The empirical formula is the simplest whole-number ratio of atoms in a compound.
The molecular formula is the actual number of atoms of each element in one molecule.
Empirical formulae are found from masses, percentages, or other composition data by converting to moles.
A formula mass or molar mass comparison helps turn an empirical formula into a molecular formula.
Use $n = \frac{M}{M_{\mathrm{emp}}}$ to find how many empirical units make up one molecule.
Multiply all subscripts in the empirical formula by the same whole number to get the molecular formula.
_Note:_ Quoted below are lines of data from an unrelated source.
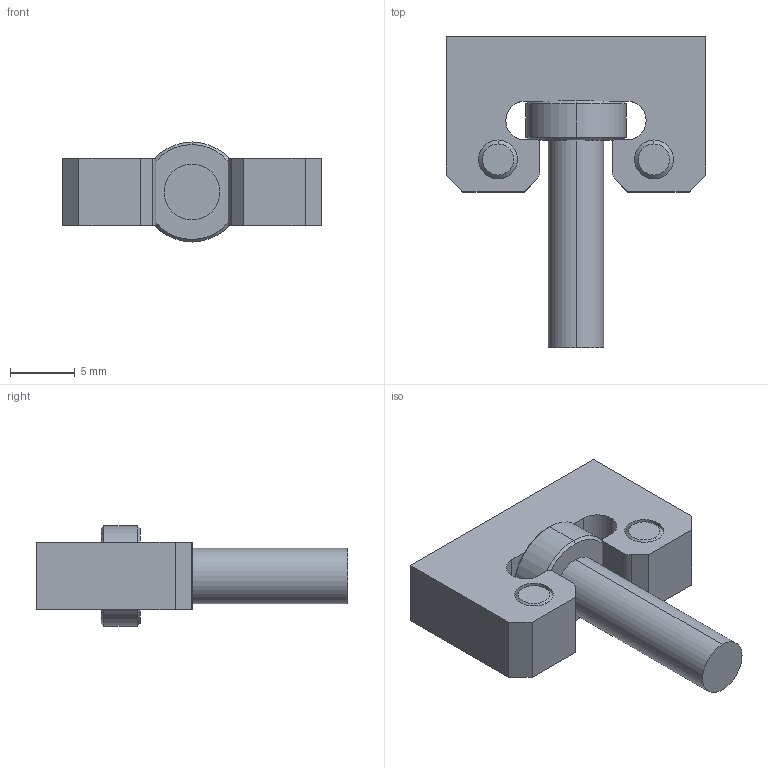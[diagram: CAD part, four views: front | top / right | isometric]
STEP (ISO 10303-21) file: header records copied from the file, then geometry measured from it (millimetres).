
FILE_DESCRIPTION (( 'STEP AP203' ), '1' );
FILE_NAME ('37ad.STEP', '2023-01-11T08:47:09', ( '' ), ( '' ), 'SwSTEP 2.0', 'SolidWorks 2019', '' );
FILE_SCHEMA (( 'CONFIG_CONTROL_DESIGN' ));
Length unit declared in the file: millimetre
Products named in the file (4): Bolt d8f558c6447634f2b69c0476a2b1b929; Pin_20 d8f558c6447634f2b69c0476a2b1b929; 37ad; Lamellar_Gas_Vent_ISGL20C d8f558c6447634f2b69c0476a2b1b929
Assembly tree (4 placements, depth 2):
  37ad
    Lamellar_Gas_Vent_ISGL20C d8f558c6447634f2b69c0476a2b1b929
    Bolt d8f558c6447634f2b69c0476a2b1b929
    Pin_20 d8f558c6447634f2b69c0476a2b1b929  x2
Bounding box: 20 x 24 x 7.7 mm (x, y, z)
Volume: 1325.9 mm3; surface area: 1362.7 mm2
Topology: 4 solids, 4 shells, 54 faces, 123 edges, 78 vertices
Faces by surface type: plane 23, cylinder 19, cone 12
Entity records: 1785 total; most frequent: DIRECTION 257, CARTESIAN_POINT 232, ORIENTED_EDGE 218, EDGE_CURVE 109, AXIS2_PLACEMENT_3D 95, VERTEX_POINT 70, LINE 67, VECTOR 67
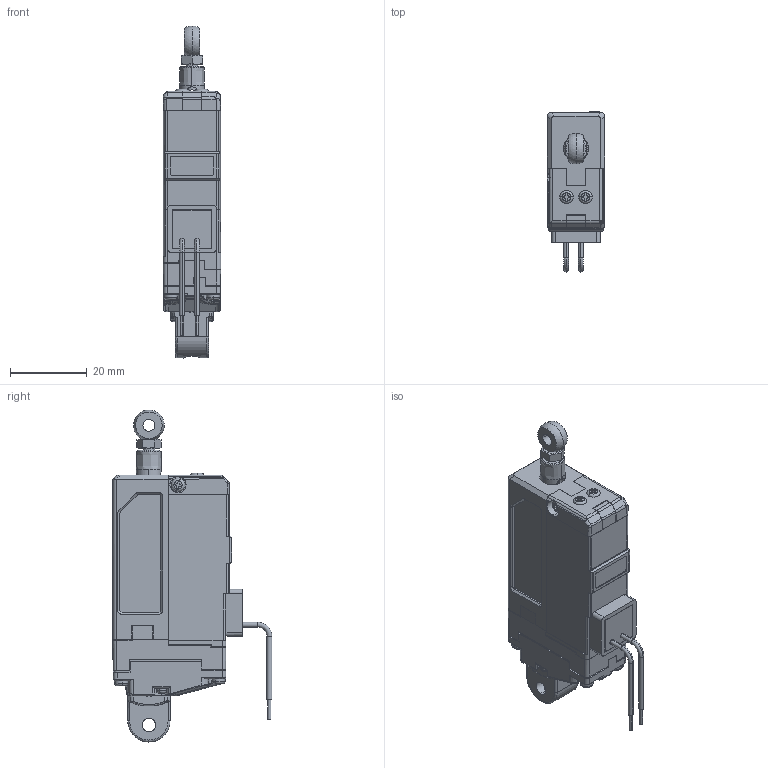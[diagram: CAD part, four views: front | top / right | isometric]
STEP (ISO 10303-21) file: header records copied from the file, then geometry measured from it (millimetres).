
FILE_DESCRIPTION (( 'STEP AP203' ), '1' );
FILE_NAME ('12D-xxxx-22-Limit Switch Series_Rev03_20250523.STEP', '2025-06-05T08:10:28', ( '' ), ( '' ), 'SwSTEP 2.0', 'SolidWorks 2020', '' );
FILE_SCHEMA (( 'CONFIG_CONTROL_DESIGN' ));
Length unit declared in the file: millimetre
Products named in the file (23): IRMIP0032 LENS; IRMIT0052 NUT, HINGE; IRMIP0030 COVER, MOTOR TOP; IRMIP0002 SPACER; IRMIT0002 NUT, ROD END; IROIX0022 SCREW, PH M2.5x5 PLS, STL BK; IRMAA0151 ASSY, ROD 30 TR3-3 CORED; IRMIP031 COVER, LENS; IRMIT0063 ROD END TIP ROUND, IR-MC01; IRMIP0008 CASE, PT BTM; IROIW0001 2P ELECTRICAL WIRE; IROIX0010 SCREW, PH T 2X4 PLS STL BK; IRMIP0004 ROD CORED TR3-3(2ND); IROIX0009 SCREW, PH T 2x18 PLS STL NI; IROIX0009 SCREW, PH T 2x12 PLS STL NI; 12D-xxxx-22-Limit Switch Series_Rev03_20250523; IROIX0003 SCREW, CS T1.4x4 PLS STL NI; IRMIP0029 CASE, PT TOP; IRMIP0041 HINGE; IROIX0008 SCREW, PH T1.7X18 PLS STL NI; IRMIP0001 CASE STROKE 30; IROIX0013 NUT, M3.0-2.4T NI; IRMIP0006 COVER, POT 30
Assembly tree (30 placements, depth 3):
  12D-xxxx-22-Limit Switch Series_Rev03_20250523
    IRMIP0008 CASE, PT BTM
    IRMIP0029 CASE, PT TOP
    IRMIT0052 NUT, HINGE
    IROIX0008 SCREW, PH T1.7X18 PLS STL NI  x2
    IROIX0009 SCREW, PH T 2x18 PLS STL NI  x2
    IRMIP031 COVER, LENS
    IRMIP0032 LENS
    IROIX0010 SCREW, PH T 2X4 PLS STL BK  x2
    IROIX0009 SCREW, PH T 2x12 PLS STL NI  x3
    IRMIP0030 COVER, MOTOR TOP
    IROIX0022 SCREW, PH M2.5x5 PLS, STL BK
    IRMIP0002 SPACER
    IROIX0013 NUT, M3.0-2.4T NI
    IRMIP0041 HINGE
    IRMIP0006 COVER, POT 30
    IRMIP0001 CASE STROKE 30
    IROIX0003 SCREW, CS T1.4x4 PLS STL NI  x4
    IRMAA0151 ASSY, ROD 30 TR3-3 CORED
      IRMIT0002 NUT, ROD END
      IRMIP0004 ROD CORED TR3-3(2ND)
    IROIW0001 2P ELECTRICAL WIRE
    IRMIT0063 ROD END TIP ROUND, IR-MC01
Bounding box: 15 x 41.6 x 86.5 mm (x, y, z)
Volume: 14425.2 mm3; surface area: 21275.9 mm2
Topology: 29 solids, 29 shells, 1837 faces, 4844 edges, 3119 vertices
Faces by surface type: plane 1054, cylinder 503, cone 164, bspline 73, torus 38, sphere 5
Entity records: 59882 total; most frequent: CARTESIAN_POINT 17401, ORIENTED_EDGE 8648, DIRECTION 7808, EDGE_CURVE 4324, VERTEX_POINT 2791, VECTOR 2718, LINE 2718, AXIS2_PLACEMENT_3D 2545

Formulae are symbolic models of matter and connect directly to the particulate nature of matter.
For ionic compounds, the formula usually shows the simplest ratio of ions, similar to an empirical formula.
Common exam skills include mole conversion, ratio simplification, and checking for whole numbers.
Accurate formula work helps explain composition, identify compounds, and connect macroscopic data to microscopic structure.